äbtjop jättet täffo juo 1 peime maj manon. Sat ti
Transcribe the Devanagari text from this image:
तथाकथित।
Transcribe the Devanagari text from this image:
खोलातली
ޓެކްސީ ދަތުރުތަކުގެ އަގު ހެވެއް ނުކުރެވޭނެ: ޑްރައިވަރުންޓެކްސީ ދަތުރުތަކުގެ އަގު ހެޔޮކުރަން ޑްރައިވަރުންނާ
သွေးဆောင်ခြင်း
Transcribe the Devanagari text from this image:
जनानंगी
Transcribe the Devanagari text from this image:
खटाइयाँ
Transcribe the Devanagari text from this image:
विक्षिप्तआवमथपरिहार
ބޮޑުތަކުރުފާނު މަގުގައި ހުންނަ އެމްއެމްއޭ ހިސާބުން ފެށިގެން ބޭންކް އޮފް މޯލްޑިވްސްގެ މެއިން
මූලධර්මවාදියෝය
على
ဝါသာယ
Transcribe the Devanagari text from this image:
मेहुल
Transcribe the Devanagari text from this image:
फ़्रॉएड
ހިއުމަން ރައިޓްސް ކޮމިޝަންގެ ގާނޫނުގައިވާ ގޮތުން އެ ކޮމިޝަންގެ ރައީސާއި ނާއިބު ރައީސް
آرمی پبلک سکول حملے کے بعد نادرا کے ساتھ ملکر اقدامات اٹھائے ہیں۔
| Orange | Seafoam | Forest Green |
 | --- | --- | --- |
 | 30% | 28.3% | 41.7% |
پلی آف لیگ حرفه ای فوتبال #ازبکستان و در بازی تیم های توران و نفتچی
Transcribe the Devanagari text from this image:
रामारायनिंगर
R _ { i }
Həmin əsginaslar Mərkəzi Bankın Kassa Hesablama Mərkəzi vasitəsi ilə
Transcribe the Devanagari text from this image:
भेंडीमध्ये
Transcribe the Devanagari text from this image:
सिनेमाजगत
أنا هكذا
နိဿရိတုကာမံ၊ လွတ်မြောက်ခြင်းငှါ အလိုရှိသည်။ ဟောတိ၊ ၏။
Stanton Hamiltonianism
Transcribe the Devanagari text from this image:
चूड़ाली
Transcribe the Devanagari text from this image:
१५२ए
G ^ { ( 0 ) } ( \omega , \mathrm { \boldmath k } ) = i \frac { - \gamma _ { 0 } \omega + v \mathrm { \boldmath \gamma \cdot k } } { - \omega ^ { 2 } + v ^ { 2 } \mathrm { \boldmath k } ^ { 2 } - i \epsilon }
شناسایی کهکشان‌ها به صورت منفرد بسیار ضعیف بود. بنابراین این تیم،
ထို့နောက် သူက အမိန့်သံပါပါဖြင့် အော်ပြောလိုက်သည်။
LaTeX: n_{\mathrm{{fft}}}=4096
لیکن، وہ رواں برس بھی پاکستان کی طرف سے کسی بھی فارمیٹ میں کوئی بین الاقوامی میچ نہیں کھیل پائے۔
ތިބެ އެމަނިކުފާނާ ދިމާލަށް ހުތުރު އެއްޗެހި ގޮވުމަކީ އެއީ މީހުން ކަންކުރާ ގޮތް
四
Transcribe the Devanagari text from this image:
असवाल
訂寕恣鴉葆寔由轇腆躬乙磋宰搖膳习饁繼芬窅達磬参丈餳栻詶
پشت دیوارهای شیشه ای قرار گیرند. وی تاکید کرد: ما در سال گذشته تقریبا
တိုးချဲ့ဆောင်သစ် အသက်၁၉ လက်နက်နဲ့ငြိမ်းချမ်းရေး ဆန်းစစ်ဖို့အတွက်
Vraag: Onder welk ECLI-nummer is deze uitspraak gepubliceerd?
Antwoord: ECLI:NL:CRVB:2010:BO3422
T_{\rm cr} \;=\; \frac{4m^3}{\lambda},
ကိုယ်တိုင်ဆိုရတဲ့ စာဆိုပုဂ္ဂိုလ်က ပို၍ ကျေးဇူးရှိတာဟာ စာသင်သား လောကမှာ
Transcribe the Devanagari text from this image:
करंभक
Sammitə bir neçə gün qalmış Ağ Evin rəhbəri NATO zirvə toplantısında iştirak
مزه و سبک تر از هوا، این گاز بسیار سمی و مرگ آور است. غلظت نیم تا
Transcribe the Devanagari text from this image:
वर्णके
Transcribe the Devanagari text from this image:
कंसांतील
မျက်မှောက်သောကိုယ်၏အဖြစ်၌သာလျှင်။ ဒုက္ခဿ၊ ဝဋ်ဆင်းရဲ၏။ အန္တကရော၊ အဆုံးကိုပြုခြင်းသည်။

● ● ● ● ● ● ●

Lines from the one containing "Vraag: Onder welk" through the final line of the entries above are to be output exactly; omit all others.

SOLUTION TO THIS EXERCISE ->
Vraag: Onder welk ECLI-nummer is deze uitspraak gepubliceerd?
Antwoord: ECLI:NL:CRVB:2010:BO3422
T_{\rm cr} \;=\; \frac{4m^3}{\lambda},
ကိုယ်တိုင်ဆိုရတဲ့ စာဆိုပုဂ္ဂိုလ်က ပို၍ ကျေးဇူးရှိတာဟာ စာသင်သား လောကမှာ
Transcribe the Devanagari text from this image:
करंभक
Sammitə bir neçə gün qalmış Ağ Evin rəhbəri NATO zirvə toplantısında iştirak
مزه و سبک تر از هوا، این گاز بسیار سمی و مرگ آور است. غلظت نیم تا
Transcribe the Devanagari text from this image:
वर्णके
Transcribe the Devanagari text from this image:
कंसांतील
မျက်မှောက်သောကိုယ်၏အဖြစ်၌သာလျှင်။ ဒုက္ခဿ၊ ဝဋ်ဆင်းရဲ၏။ အန္တကရော၊ အဆုံးကိုပြုခြင်းသည်။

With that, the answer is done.